I climbed the easy white-taped route with anticipation; I carefully clipped the bolts along the way and figured he’d make me “fall” halfway up, near a bolt. I passed the halfway point and slowed (in case he wasn’t paying attention). Silence. Being proud, I continued to climb. As I neared the top of the three-story wall, he yelled. Fall!
Without a thought, I let go.
I whipped. In slow motion I watched the carabiner quickdraws on my harness float up to my ribcage. Then time caught up and I suddenly smashed into the wall from 30 feet up. My shoulder slammed into a few colorful odd-shaped pieces; it stung brightly in a few places and I hung limply on the line. I heard laughter and claps below. Charlie lowered me and gave me a high five. “That was awesome.”

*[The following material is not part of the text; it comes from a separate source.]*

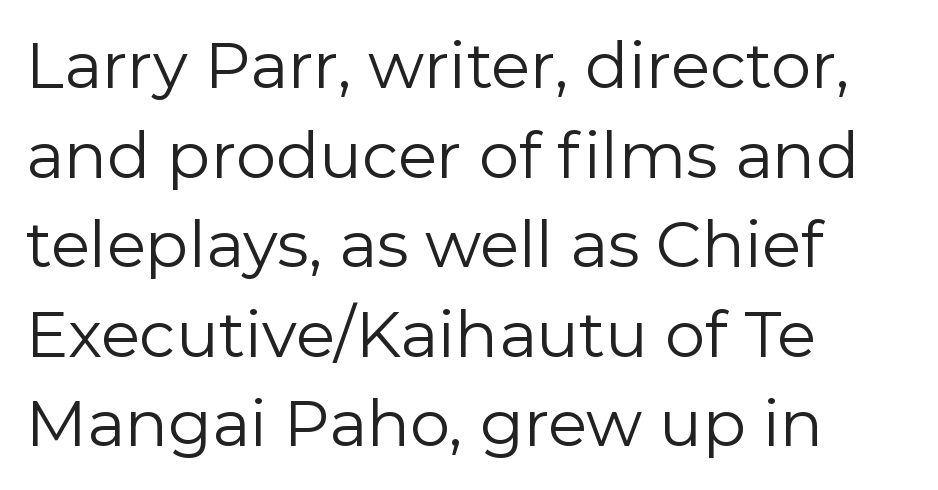
{"serif": "no", "italic": "no", "bold": "no", "weight": "regular", "width": "normal", "x_height": "medium", "monospaced": "no", "underline": "no", "align": "left", "line_spacing": "normal", "line_spacing_ratio": 1.4, "letter_spacing": "normal", "letter_spacing_em": 0.0, "glyph_px": 64}

A couple years have gone by. Thank God for Charlie.
He made me fail before I succeeded. Before I even tried. Charlie doesn’t really care if you fall or don’t fall; he cares that you learn to climb fearlessly. He cares that you are equipped and aware of what you’re getting into. Tough love is only effective if it adds to your armory.
Nothing is subjectively measured by succeeding. Bite into the worst of it, get up, and come back at it with courage. Charlie taught me something invaluable that I didn’t translate into other things; character matters. Success and failure are just words.
After that day, I fell in love with sport lead climbing. Of course I always want to bring my best, but I no longer desire to measure my life in tallies of anchors and falls. In fact, if you haven’t taken a whip I think you’re missing a certain understanding.
I ran a race this week and it was my slowest ever. I was out of water for miles a couple of times, I ran out of salt, I ran out of everything except more trail between me and the finish. Some things happened. You could look at my 9+ hour 50k and tell me that I failed at it and I’d have to shrug and agree. You could probably hike faster than that.
I’m not being dismissive; I’m being accepting. It is ok to struggle. It’s ok to be scared at the jumping off point. It’s ok to whip before you send it. The value is not in what you can do; a couple million people have done it before you and a billlion will do it after.
So do it with character. Do it with bravery and do it without the worry of falling.